How to configure in a service
For the request body template, add the following (setting the levels using the values shown below). In this case, it lessens the policy to trigger only on high thresholds of detection -
{
"safetySettings" : [
{
"category": "HARM_CATEGORY_HARASSMENT", "threshold": "BLOCK_ONLY_HIGH"
},
{
"category": "HARM_CATEGORY_HATE_SPEECH", "threshold": "BLOCK_ONLY_HIGH"
},
{
"category": "HARM_CATEGORY_SEXUALLY_EXPLICIT", "threshold": "BLOCK_ONLY_HIGH"
},
{
"category": "HARM_CATEGORY_DANGEROUS_CONTENT", "threshold": "BLOCK_ONLY_HIGH"
}
]
}
Categories
The different categories for response analysis are given the following keys -
HARM_CATEGORY_HARASSMENT - Negative or harmful comments targeting identity and/or protected attributes.
HARM_CATEGORY_HATE_SPEECH - Content that is rude, disrespectful, or profane.
HARM_CATEGORY_SEXUALLY_EXPLICIT - Contains references to sexual acts or other lewd content.
HARM_CATEGORY_DANGEROUS_CONTENT - Promotes, facilitates, or encourages harmful acts.
Levels
The different detection levels a are negligible, low, medium, and high. Through our testing the default if not specified is medium.
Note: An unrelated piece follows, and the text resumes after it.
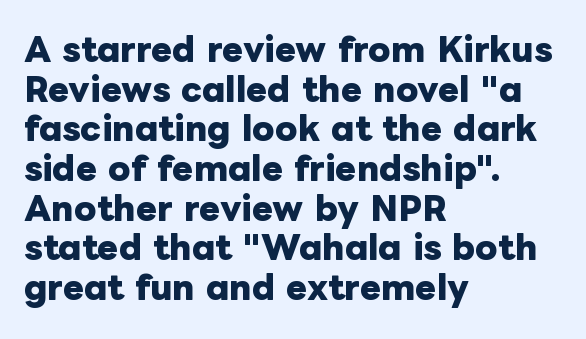
{"italic": "no", "bold": "yes", "weight": "heavy", "width": "normal", "stroke_contrast": "low", "x_height": "medium", "monospaced": "no", "underline": "no", "align": "left", "line_spacing_ratio": 1.24, "letter_spacing": "normal", "letter_spacing_em": 0.0, "glyph_px": 32}

We have had some business cases where that has been too limiting, and based on our context, limiting (we weren't taking user prompts, we were asking for silly business ideas, and that sometime triggered harassment or dangerous to medium).
The supported levels are specified for each category as one of the following -
BLOCK_LOW_AND_ABOVE
BLOCK_MEDIUM_AND_ABOVE
BLOCK_ONLY_HIGH
BLOCK_NONE
โ